The hard part is not asking the model to “return JSON”. The hard part is designing a contract that is valid, minimal, versioned, repairable, observable, and safe to consume.

This part teaches structured output as an engineering discipline.

1. Kaufman Framing

Josh Kaufman's method starts by deconstructing a target skill into smaller subskills, then practicing the highest-leverage pieces first.

For structured output, the target skill is:

Given an uncertain natural-language input and an imperfect model, design a typed output contract that downstream code can safely consume, validate, repair, test, and audit.
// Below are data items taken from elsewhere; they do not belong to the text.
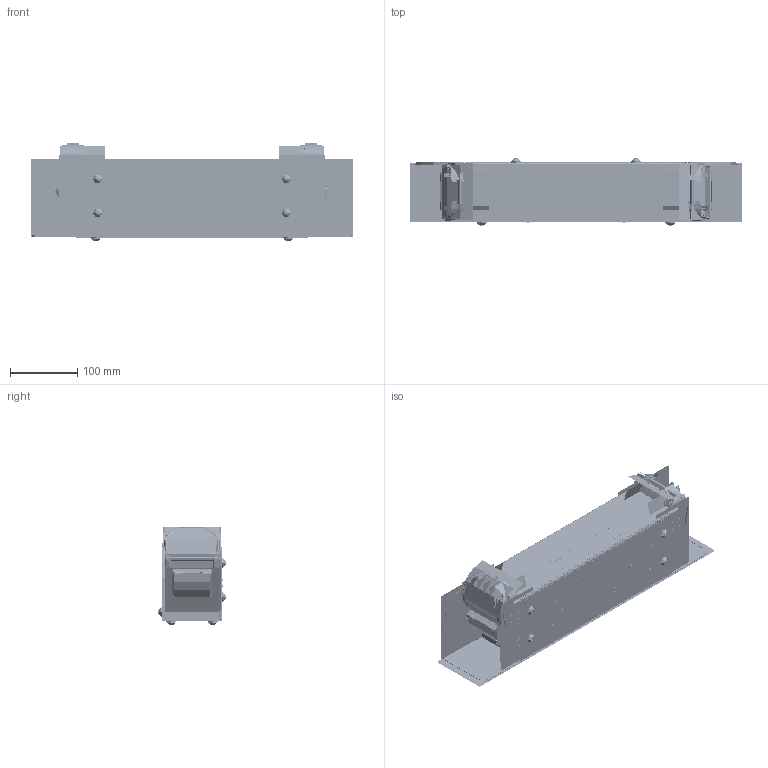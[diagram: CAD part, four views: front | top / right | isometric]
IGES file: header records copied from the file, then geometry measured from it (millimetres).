
Start section:  PTC IGES file: 193929.igs
Global section: file name: 193929.igs; native system: Creo Parametric by Parametric Technology Corporation; preprocessor: 2013230; author: pdmadmin; organization: Unknown; date: 20160307.132903; units: millimetre
Bounding box: 492.96 x 99.53 x 145.77 mm (x, y, z)
Volume: 953518.8 mm3; surface area: 9411727.4 mm2
Topology: 67 solids, 92 shells, 13880 faces, 81461 edges, 110209 vertices
Faces by surface type: bspline 7120, revolution 6432, extrusion 328
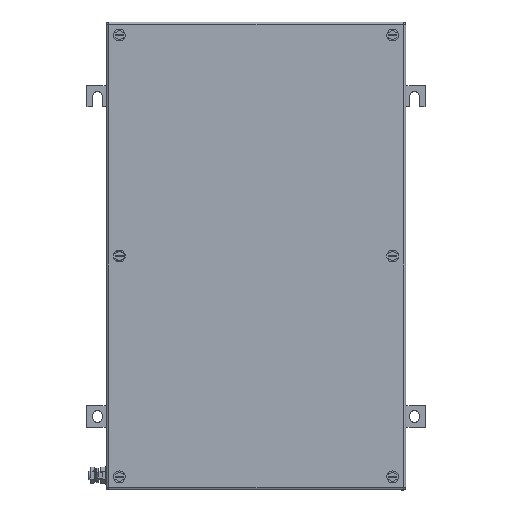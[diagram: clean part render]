
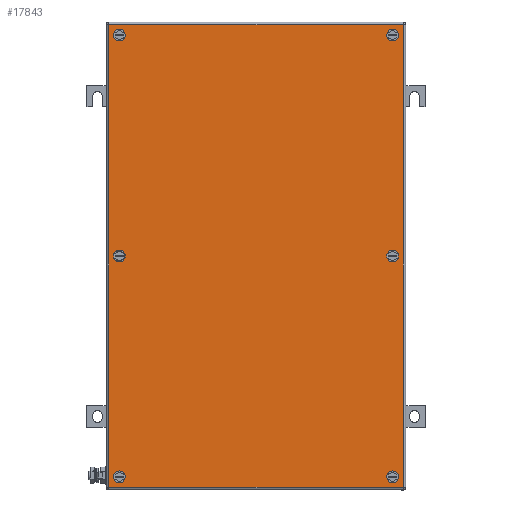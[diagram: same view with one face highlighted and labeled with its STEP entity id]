
A CAD part, top view. The second image highlights one B-rep face of the part: STEP entity #17843.
In plain terms, the highlighted planar face has unit normal (0, 0, 1).
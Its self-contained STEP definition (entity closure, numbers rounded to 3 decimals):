
#17681=AXIS2_PLACEMENT_3D('Circle Axis2P3D',#17679,#17680,$) ;
#17708=AXIS2_PLACEMENT_3D('Plane Axis2P3D',#17705,#17706,#17707) ;
#17746=AXIS2_PLACEMENT_3D('Circle Axis2P3D',#17744,#17745,$) ;
#17755=AXIS2_PLACEMENT_3D('Circle Axis2P3D',#17753,#17754,$) ;
#17764=AXIS2_PLACEMENT_3D('Circle Axis2P3D',#17762,#17763,$) ;
#17773=AXIS2_PLACEMENT_3D('Circle Axis2P3D',#17771,#17772,$) ;
#17782=AXIS2_PLACEMENT_3D('Circle Axis2P3D',#17780,#17781,$) ;
#17791=AXIS2_PLACEMENT_3D('Circle Axis2P3D',#17789,#17790,$) ;
#17800=AXIS2_PLACEMENT_3D('Circle Axis2P3D',#17798,#17799,$) ;
#17809=AXIS2_PLACEMENT_3D('Circle Axis2P3D',#17807,#17808,$) ;
#17818=AXIS2_PLACEMENT_3D('Circle Axis2P3D',#17816,#17817,$) ;
#17827=AXIS2_PLACEMENT_3D('Circle Axis2P3D',#17825,#17826,$) ;
#17836=AXIS2_PLACEMENT_3D('Circle Axis2P3D',#17834,#17835,$) ;
#17676=CARTESIAN_POINT('Vertex',(41.5,277.5,203.5)) ;
#17679=CARTESIAN_POINT('Axis2P3D Location',(38.,277.5,203.5)) ;
#17683=CARTESIAN_POINT('Vertex',(34.5,277.5,203.5)) ;
#17705=CARTESIAN_POINT('Axis2P3D Location',(200.5,277.5,203.5)) ;
#17710=CARTESIAN_POINT('Line Origine',(200.5,552.,203.5)) ;
#17714=CARTESIAN_POINT('Vertex',(375.,552.,203.5)) ;
#17716=CARTESIAN_POINT('Vertex',(26.,552.,203.5)) ;
#17719=CARTESIAN_POINT('Line Origine',(26.,277.5,203.5)) ;
#17723=CARTESIAN_POINT('Vertex',(26.,3.,203.5)) ;
#17726=CARTESIAN_POINT('Line Origine',(200.5,3.,203.5)) ;
#17730=CARTESIAN_POINT('Vertex',(375.,3.,203.5)) ;
#17733=CARTESIAN_POINT('Line Origine',(375.,277.5,203.5)) ;
#17744=CARTESIAN_POINT('Axis2P3D Location',(38.,277.5,203.5)) ;
#17753=CARTESIAN_POINT('Axis2P3D Location',(363.,277.5,203.5)) ;
#17757=CARTESIAN_POINT('Vertex',(366.5,277.5,203.5)) ;
#17759=CARTESIAN_POINT('Vertex',(359.5,277.5,203.5)) ;
#17762=CARTESIAN_POINT('Axis2P3D Location',(363.,277.5,203.5)) ;
#17771=CARTESIAN_POINT('Axis2P3D Location',(38.,540.,203.5)) ;
#17775=CARTESIAN_POINT('Vertex',(34.5,540.,203.5)) ;
#17777=CARTESIAN_POINT('Vertex',(41.5,540.,203.5)) ;
#17780=CARTESIAN_POINT('Axis2P3D Location',(38.,540.,203.5)) ;
#17789=CARTESIAN_POINT('Axis2P3D Location',(38.,15.,203.5)) ;
#17793=CARTESIAN_POINT('Vertex',(34.5,15.,203.5)) ;
#17795=CARTESIAN_POINT('Vertex',(41.5,15.,203.5)) ;
#17798=CARTESIAN_POINT('Axis2P3D Location',(38.,15.,203.5)) ;
#17807=CARTESIAN_POINT('Axis2P3D Location',(363.,15.,203.5)) ;
#17811=CARTESIAN_POINT('Vertex',(366.5,15.,203.5)) ;
#17813=CARTESIAN_POINT('Vertex',(359.5,15.,203.5)) ;
#17816=CARTESIAN_POINT('Axis2P3D Location',(363.,15.,203.5)) ;
#17825=CARTESIAN_POINT('Axis2P3D Location',(363.,540.,203.5)) ;
#17829=CARTESIAN_POINT('Vertex',(366.5,540.,203.5)) ;
#17831=CARTESIAN_POINT('Vertex',(359.5,540.,203.5)) ;
#17834=CARTESIAN_POINT('Axis2P3D Location',(363.,540.,203.5)) ;
#17680=DIRECTION('Axis2P3D Direction',(0.,0.,1.)) ;
#17706=DIRECTION('Axis2P3D Direction',(0.,0.,1.)) ;
#17707=DIRECTION('Axis2P3D XDirection',(1.,0.,0.)) ;
#17711=DIRECTION('Vector Direction',(1.,0.,0.)) ;
#17720=DIRECTION('Vector Direction',(0.,-1.,0.)) ;
#17727=DIRECTION('Vector Direction',(1.,0.,0.)) ;
#17734=DIRECTION('Vector Direction',(0.,1.,0.)) ;
#17745=DIRECTION('Axis2P3D Direction',(0.,0.,1.)) ;
#17754=DIRECTION('Axis2P3D Direction',(0.,0.,1.)) ;
#17763=DIRECTION('Axis2P3D Direction',(0.,0.,1.)) ;
#17772=DIRECTION('Axis2P3D Direction',(0.,0.,1.)) ;
#17781=DIRECTION('Axis2P3D Direction',(0.,0.,1.)) ;
#17790=DIRECTION('Axis2P3D Direction',(0.,0.,1.)) ;
#17799=DIRECTION('Axis2P3D Direction',(0.,0.,1.)) ;
#17808=DIRECTION('Axis2P3D Direction',(0.,0.,1.)) ;
#17817=DIRECTION('Axis2P3D Direction',(0.,0.,1.)) ;
#17826=DIRECTION('Axis2P3D Direction',(0.,0.,1.)) ;
#17835=DIRECTION('Axis2P3D Direction',(0.,0.,1.)) ;
#17712=VECTOR('Line Direction',#17711,1.) ;
#17721=VECTOR('Line Direction',#17720,1.) ;
#17728=VECTOR('Line Direction',#17727,1.) ;
#17735=VECTOR('Line Direction',#17734,1.) ;
#17739=ORIENTED_EDGE('',*,*,#17718,.T.) ;
#17740=ORIENTED_EDGE('',*,*,#17725,.T.) ;
#17741=ORIENTED_EDGE('',*,*,#17732,.T.) ;
#17742=ORIENTED_EDGE('',*,*,#17737,.T.) ;
#17750=ORIENTED_EDGE('',*,*,#17748,.F.) ;
#17751=ORIENTED_EDGE('',*,*,#17685,.F.) ;
#17768=ORIENTED_EDGE('',*,*,#17761,.F.) ;
#17769=ORIENTED_EDGE('',*,*,#17766,.F.) ;
#17786=ORIENTED_EDGE('',*,*,#17779,.F.) ;
#17787=ORIENTED_EDGE('',*,*,#17784,.F.) ;
#17804=ORIENTED_EDGE('',*,*,#17797,.F.) ;
#17805=ORIENTED_EDGE('',*,*,#17802,.F.) ;
#17822=ORIENTED_EDGE('',*,*,#17815,.F.) ;
#17823=ORIENTED_EDGE('',*,*,#17820,.F.) ;
#17840=ORIENTED_EDGE('',*,*,#17833,.F.) ;
#17841=ORIENTED_EDGE('',*,*,#17838,.F.) ;
#17752=FACE_BOUND('',#17749,.T.) ;
#17770=FACE_BOUND('',#17767,.T.) ;
#17788=FACE_BOUND('',#17785,.T.) ;
#17806=FACE_BOUND('',#17803,.T.) ;
#17824=FACE_BOUND('',#17821,.T.) ;
#17842=FACE_BOUND('',#17839,.T.) ;
#17843=ADVANCED_FACE('ZUB_KTB_FS_553520_0GP.2\\ZUB_KTB_FS_553520_0GP.2\\ZUB_DE_KTB_FS.1\\DE_KTB_MH_PART_MASTER.1\\Koerper.2',(#17743,#17752,#17770,#17788,#17806,#17824,#17842),#17709,.T.) ;
#17682=CIRCLE('generated circle',#17681,3.5) ;
#17747=CIRCLE('generated circle',#17746,3.5) ;
#17756=CIRCLE('generated circle',#17755,3.5) ;
#17765=CIRCLE('generated circle',#17764,3.5) ;
#17774=CIRCLE('generated circle',#17773,3.5) ;
#17783=CIRCLE('generated circle',#17782,3.5) ;
#17792=CIRCLE('generated circle',#17791,3.5) ;
#17801=CIRCLE('generated circle',#17800,3.5) ;
#17810=CIRCLE('generated circle',#17809,3.5) ;
#17819=CIRCLE('generated circle',#17818,3.5) ;
#17828=CIRCLE('generated circle',#17827,3.5) ;
#17837=CIRCLE('generated circle',#17836,3.5) ;
#17685=EDGE_CURVE('',#17677,#17684,#17682,.T.) ;
#17718=EDGE_CURVE('',#17715,#17717,#17713,.F.) ;
#17725=EDGE_CURVE('',#17717,#17724,#17722,.T.) ;
#17732=EDGE_CURVE('',#17724,#17731,#17729,.T.) ;
#17737=EDGE_CURVE('',#17731,#17715,#17736,.T.) ;
#17748=EDGE_CURVE('',#17684,#17677,#17747,.T.) ;
#17761=EDGE_CURVE('',#17758,#17760,#17756,.T.) ;
#17766=EDGE_CURVE('',#17760,#17758,#17765,.T.) ;
#17779=EDGE_CURVE('',#17776,#17778,#17774,.T.) ;
#17784=EDGE_CURVE('',#17778,#17776,#17783,.T.) ;
#17797=EDGE_CURVE('',#17794,#17796,#17792,.T.) ;
#17802=EDGE_CURVE('',#17796,#17794,#17801,.T.) ;
#17815=EDGE_CURVE('',#17812,#17814,#17810,.T.) ;
#17820=EDGE_CURVE('',#17814,#17812,#17819,.T.) ;
#17833=EDGE_CURVE('',#17830,#17832,#17828,.T.) ;
#17838=EDGE_CURVE('',#17832,#17830,#17837,.T.) ;
#17738=EDGE_LOOP('',(#17739,#17740,#17741,#17742)) ;
#17749=EDGE_LOOP('',(#17750,#17751)) ;
#17767=EDGE_LOOP('',(#17768,#17769)) ;
#17785=EDGE_LOOP('',(#17786,#17787)) ;
#17803=EDGE_LOOP('',(#17804,#17805)) ;
#17821=EDGE_LOOP('',(#17822,#17823)) ;
#17839=EDGE_LOOP('',(#17840,#17841)) ;
#17743=FACE_OUTER_BOUND('',#17738,.T.) ;
#17713=LINE('Line',#17710,#17712) ;
#17722=LINE('Line',#17719,#17721) ;
#17729=LINE('Line',#17726,#17728) ;
#17736=LINE('Line',#17733,#17735) ;
#17709=PLANE('',#17708) ;
#17677=VERTEX_POINT('',#17676) ;
#17684=VERTEX_POINT('',#17683) ;
#17715=VERTEX_POINT('',#17714) ;
#17717=VERTEX_POINT('',#17716) ;
#17724=VERTEX_POINT('',#17723) ;
#17731=VERTEX_POINT('',#17730) ;
#17758=VERTEX_POINT('',#17757) ;
#17760=VERTEX_POINT('',#17759) ;
#17776=VERTEX_POINT('',#17775) ;
#17778=VERTEX_POINT('',#17777) ;
#17794=VERTEX_POINT('',#17793) ;
#17796=VERTEX_POINT('',#17795) ;
#17812=VERTEX_POINT('',#17811) ;
#17814=VERTEX_POINT('',#17813) ;
#17830=VERTEX_POINT('',#17829) ;
#17832=VERTEX_POINT('',#17831) ;

This decomposes into six subskills.

Subskill	Meaning	Failure If Ignored
Contract design	Decide what the output must represent	Schema becomes vague, bloated, or unusable
Schema expression	Encode the contract in JSON Schema/Pydantic	Model produces shape mismatch or ambiguous fields
Runtime validation	Validate model output before consumption	Bad output leaks into business logic
Repair strategy	Recover from fixable errors	User sees failures that could be automatically corrected
Semantic validation	Check meaning, not only shape	JSON is valid but wrong, unsafe, or unsupported
Versioning and observability	Track schema/prompt/model relationship	Regressions become impossible to diagnose

The first 20 hours should not be spent memorizing every JSON Schema keyword. They should be spent repeatedly converting fuzzy tasks into small, typed, enforceable contracts.

2. Why Structured Output Exists

LLMs are probabilistic text generators. Software systems are stateful rule-followers.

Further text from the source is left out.